Mas sistêmico era o futebol do Fluminense contra a linearidade do Flamengo e o gol podia surgir a qualquer momento. Pois a bola não corria de ponto a ponto, corria de pé em pé até chegar ao gol, sem perder em eficiência. A eficácia chegou com o gol, aos 36 minutos, através do seu mais eficaz jogador: Fred. Um gol de ternura. Ternura sutil em toque, tirando o goleiro e dois zagueiros e de explosão de alegria que comumente começa com a camisa nove tricolor.
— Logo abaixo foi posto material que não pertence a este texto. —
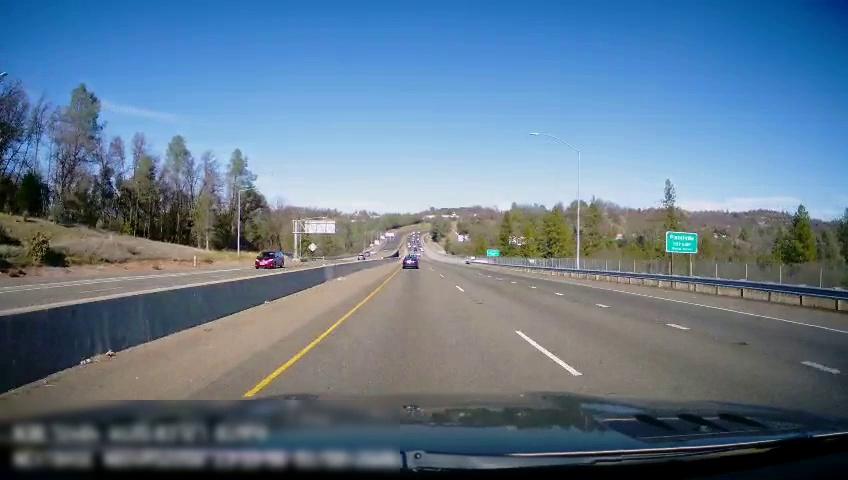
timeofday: Day
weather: Sunny
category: Drivable Space
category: Drivable Space
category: Vehicles | SUV
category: Vehicles | Car
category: Lanes | Current Lane
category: Lanes | Current Lane
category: Lanes | Alternate Lane
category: Lanes | Alternate Lane
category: Lanes | Opposite Lane
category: Traffic | Signs
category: Traffic | Signs
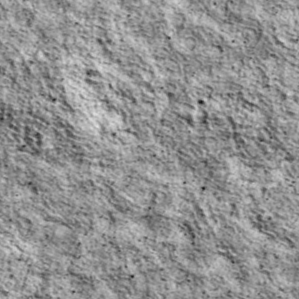
Label: non_frost
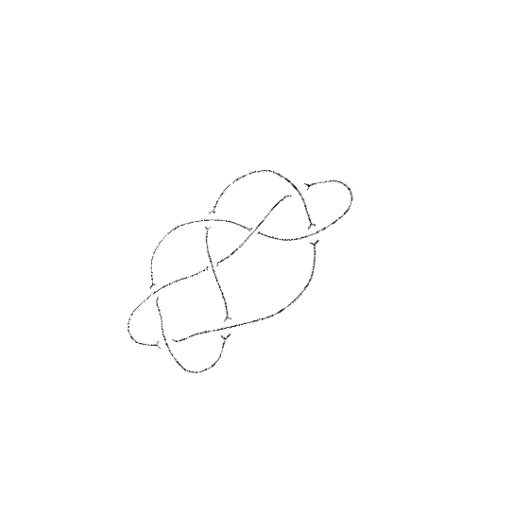
Crossing number: 8
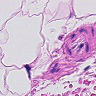
Metastatic tissue present: no
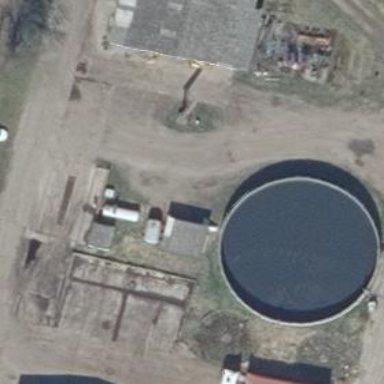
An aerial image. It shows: Storage tank with man-made structure.
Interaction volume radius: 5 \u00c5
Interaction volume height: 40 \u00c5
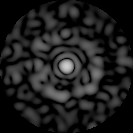
Disorder parameter: 0.8646
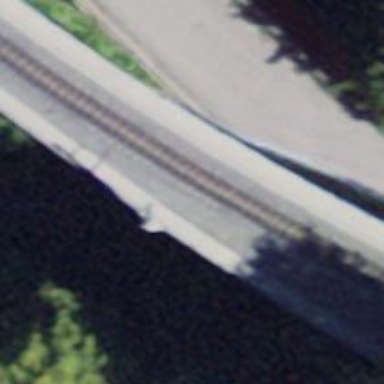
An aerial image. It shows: Narrow gauge railway bridge with electrified contact lines.
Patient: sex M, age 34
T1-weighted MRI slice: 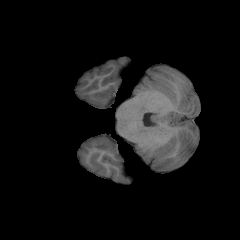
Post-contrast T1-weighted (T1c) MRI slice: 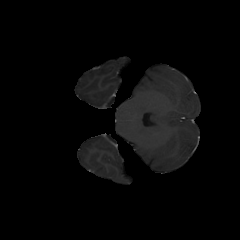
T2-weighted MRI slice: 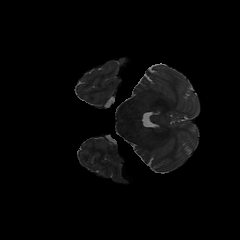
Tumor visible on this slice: no
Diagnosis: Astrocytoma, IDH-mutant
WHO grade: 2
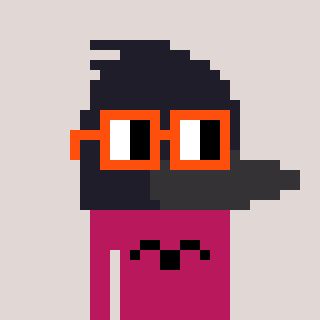
a pixel art character with square orange glasses, a raven-shaped head and a darkpink-colored body on a warm background
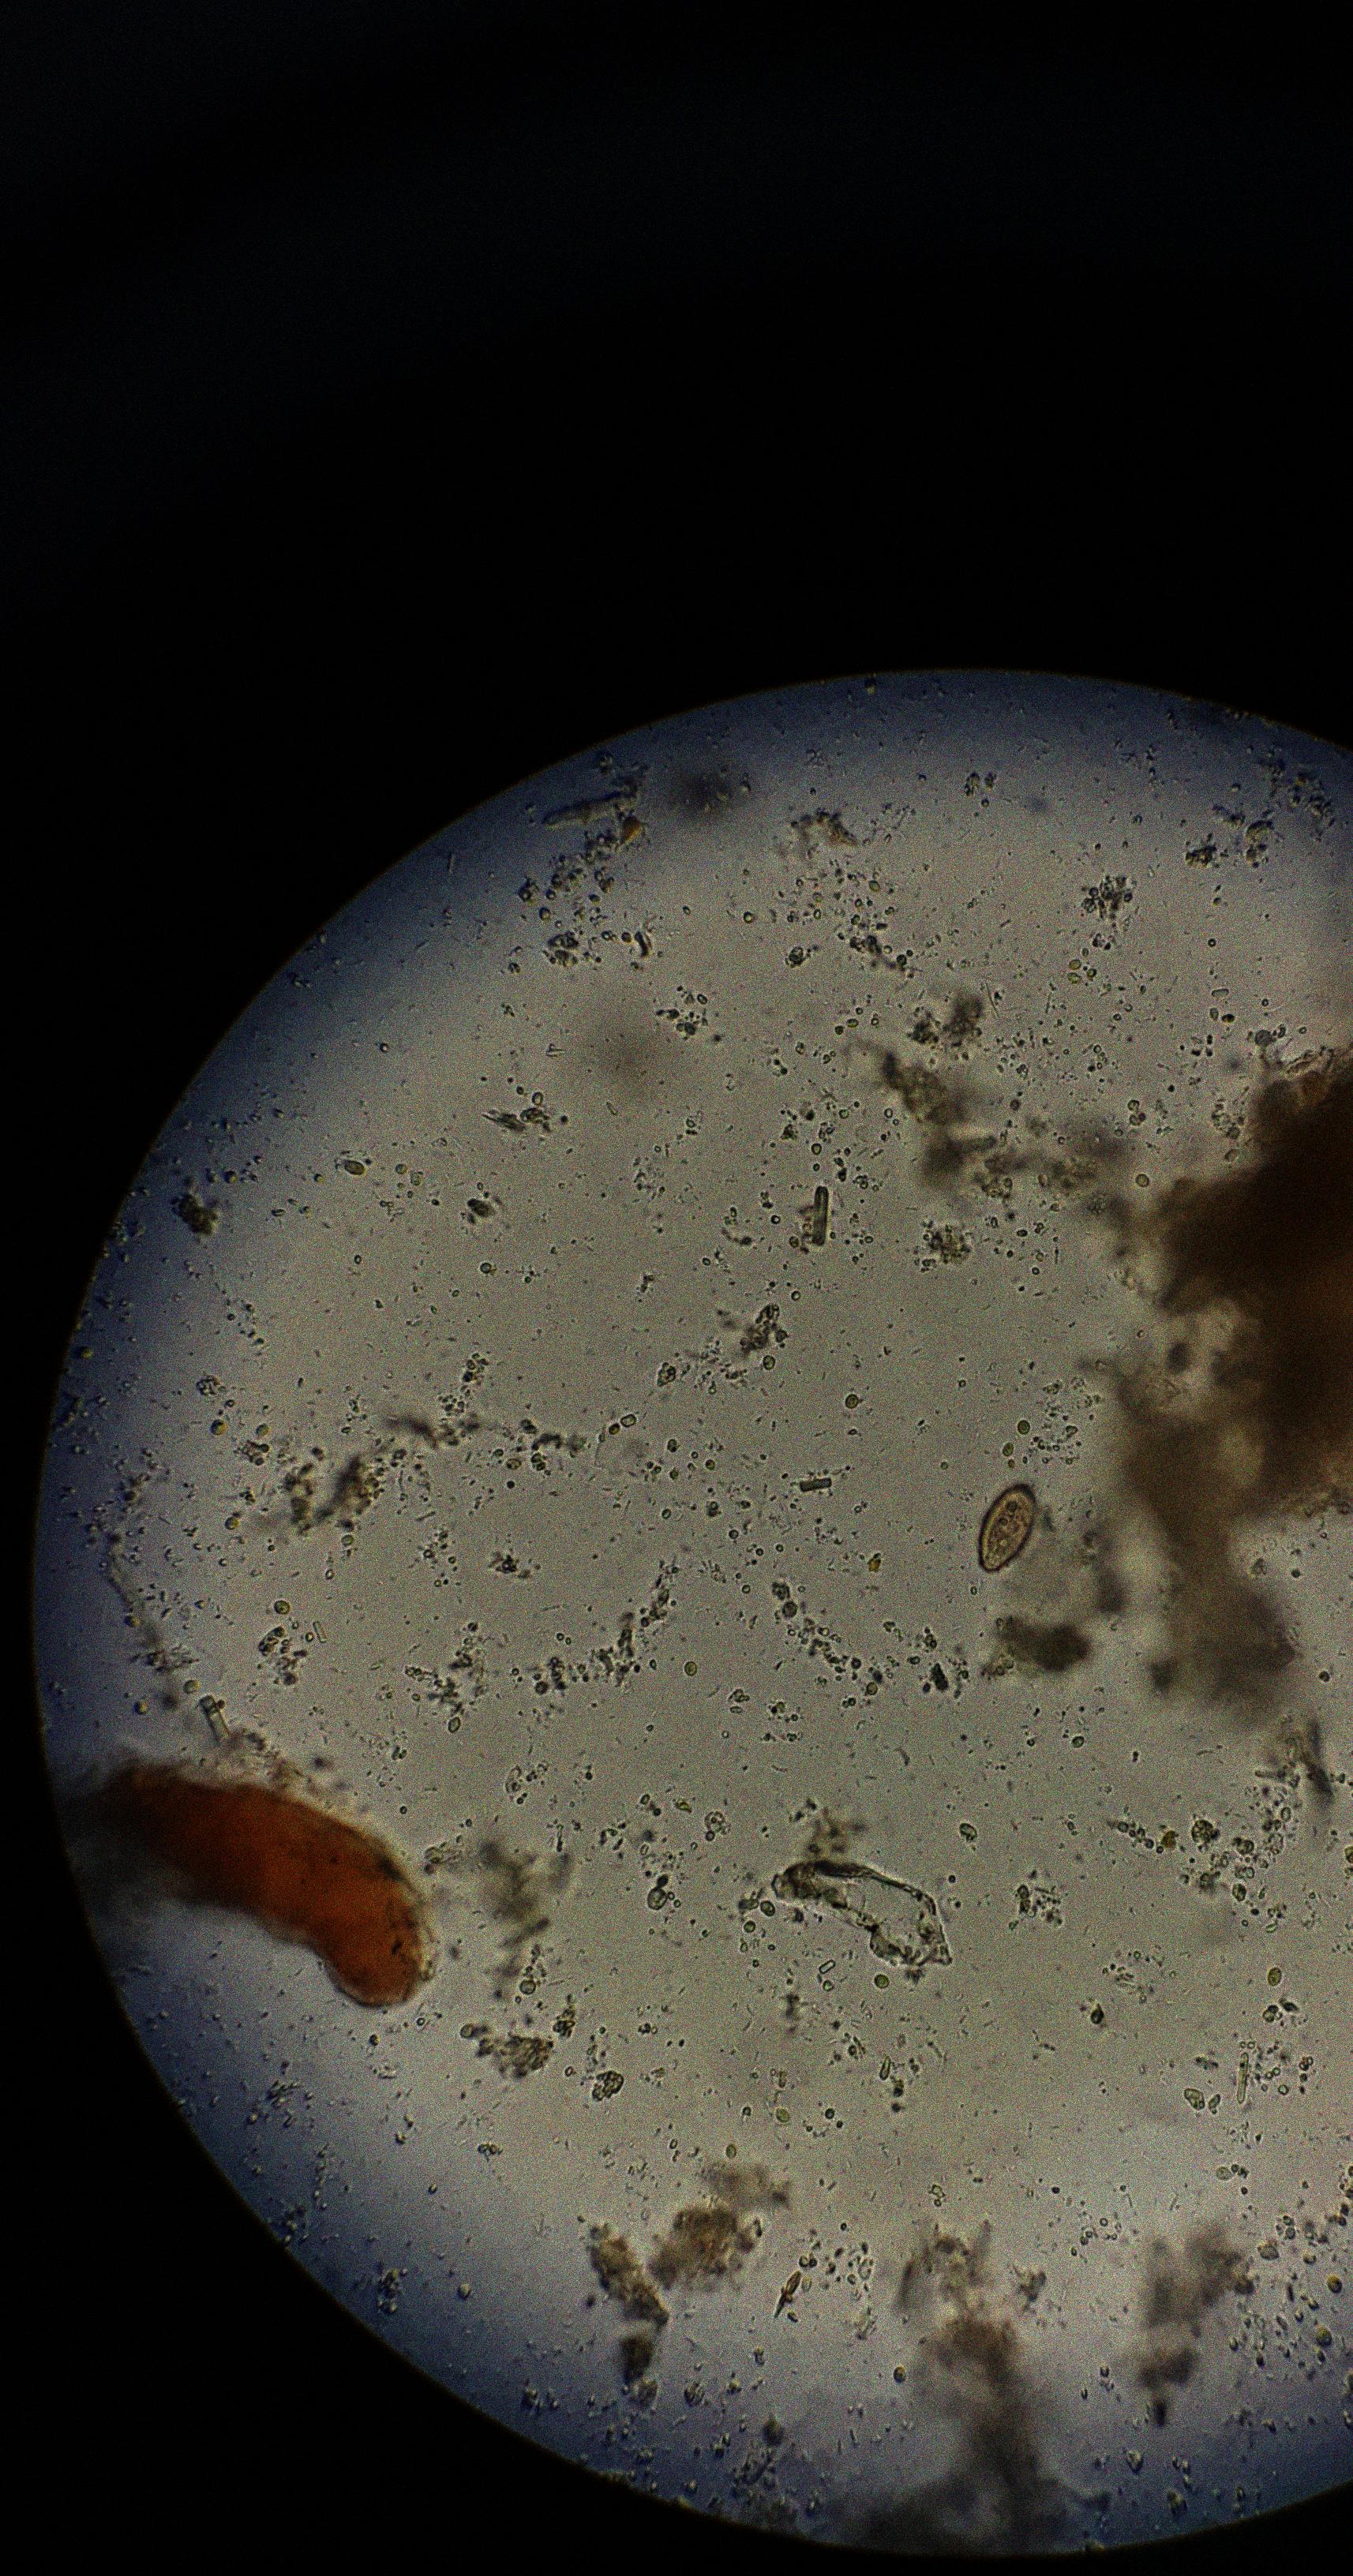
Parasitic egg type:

No gol, começou, não somente, a emoção de José, mas um pouco de sua aflição que por ironia iniciou na voz. O grito de gol não saía. Fazia força, mas o máximo que conseguia era ô, ô, ô. Ele queria dizer gol sensacional, aliás, qualquer gol de Fred, para ele, era sensacional. Mas só conseguia dizer sílabas soltas e da sua boca escancarada somente saía uma rouquidão notada pela sua esposa. Para acalmar a palilalia*, Dona Vera acariciava seus cabelos, passando os dedos entres os tensos fios. De repente, seu rosto que sorria ao golaço de Fred, transfigurou-se de tal maneira que até Dona Vera surpreendeu-se e a surpresa evoluiu para um choro escondido com pequenos engodos na garganta e uma lágrima na face.
No lugar da emoção, ambos estavam aflitos, mas um conhecia o outro em seus mínimos detalhes, porém aquele rosto estático feito algum comediante participando de concurso de careta, Dona Vera jamais havia visto cena semelhante, pois José, até então, não havia apresentado tal reação. Em meio à tanta euforia do entusiasmo da torcida tricolor, Dona Vera abraçou José, que envolto na emoção do gol e na aflição da crise de palilalia e de hipomimia**, também, não tinha força em seus braços para retribuir a mesma afeição de alegria e dor. Dona Vera, então, pegou o braço direito de José e soltou sobre seus ombros. Para ela, era como se fosse um braço de boneco de pano. Para ele, era como se uma âncora tivesse descarrilada. Mas era isso que ambos queriam estar abraçados na alegria do gol tricolor. A face de José sofria. Não conseguia falar, mas seus olhos como uma câmara percorria todo o estádio e, justamente, na hora em que no lado contrário em que estava a torcida tricolor começava a “ola”. Dona Vera, admirando aquela multidão e como estava de costas para “ola”, lembrou-se de Mário Quintana e balbuciou: “o pior dos problemas da gente é que ninguém tem nada com isso”. José olhava com emoção a “ola” chegando e respondeu: – você está enganada. Olhe, eles estão nos abraçando.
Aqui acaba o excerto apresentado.